Supplement to case SMU403. This case is the second part of a two-part series on Innova Technology, a technology start-up company based in Singapore. The two cases focus on: Case (A) - Developing, producing and marketing a product innovation Case (B) - Growth strategies for a young technology company The case is set in May 2012, and begins with the protagonist, Rick Tan, chief executive officer of Innova Technology Private Limited, contemplating what his company's go-to-market strategy should be. Tan and his business partner, Jonathan Lim, who is also the Chief Technology Officer for Innova Technology, developed PROTAG, a new anti-loss device, using Bluetooth technology. The device, which is about the size of two credit cards stacked together, is synched to a mobile phone and can be attached to valuable personal belongings such as keys, wallets, handbags, passports and even phones. If the valuable item were to be separated from the person by more than a certain distance, the device would set off an alarm alerting the owner of its potential loss. Tan and Lim are two young entrepreneurs who set up Innova Technology in January 2011 as a technology start-up under the auspices of Singapore Management University's Institute of Innovation and Entrepreneurship. Tan, the partner with the business and finance skills, focused on developing a sound business plan and raising funds for their product.
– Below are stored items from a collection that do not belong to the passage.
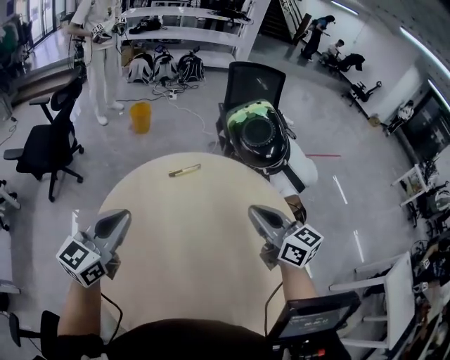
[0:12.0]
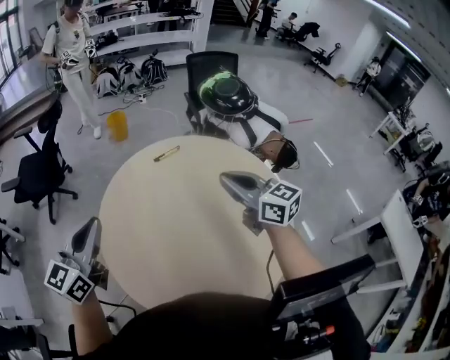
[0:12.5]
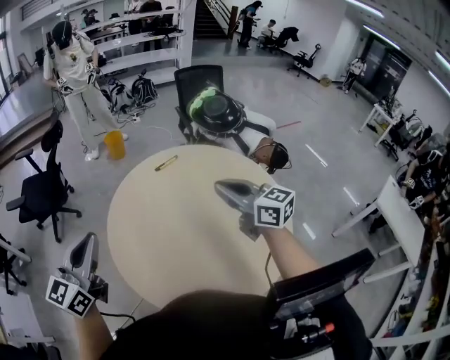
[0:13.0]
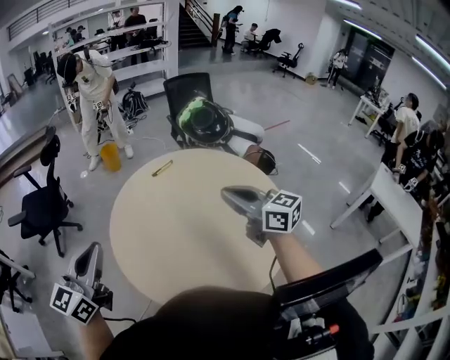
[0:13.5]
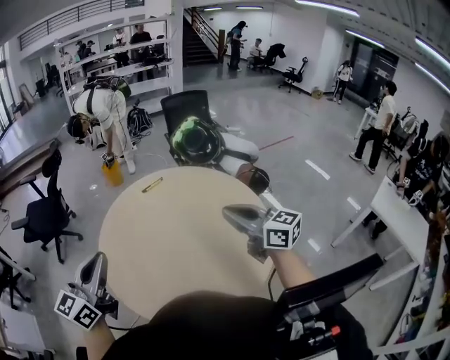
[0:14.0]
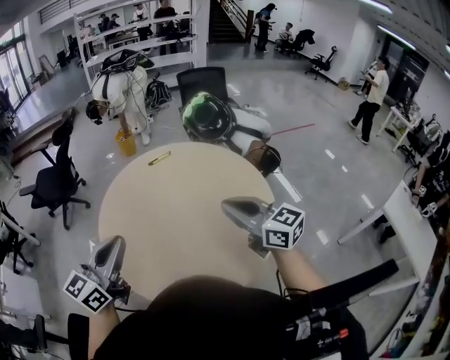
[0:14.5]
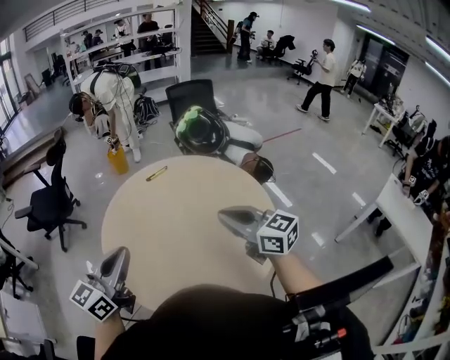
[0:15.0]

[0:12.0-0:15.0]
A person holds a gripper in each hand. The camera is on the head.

Lim, the technology guru, channelled his efforts to fine-tune the technology and develop a design with unique functionality. After extensive market research and encouraging results from beta test sales using the crowdfunding site IndieGoGo, Tan had confidence in his product. Yet, he was keenly aware that a great product could fall flat in the market if it was not backed by a well-designed marketing strategy. The partners had invested in manufacturing and 5,000 pieces of PROTAG had already been shipped out from the factory.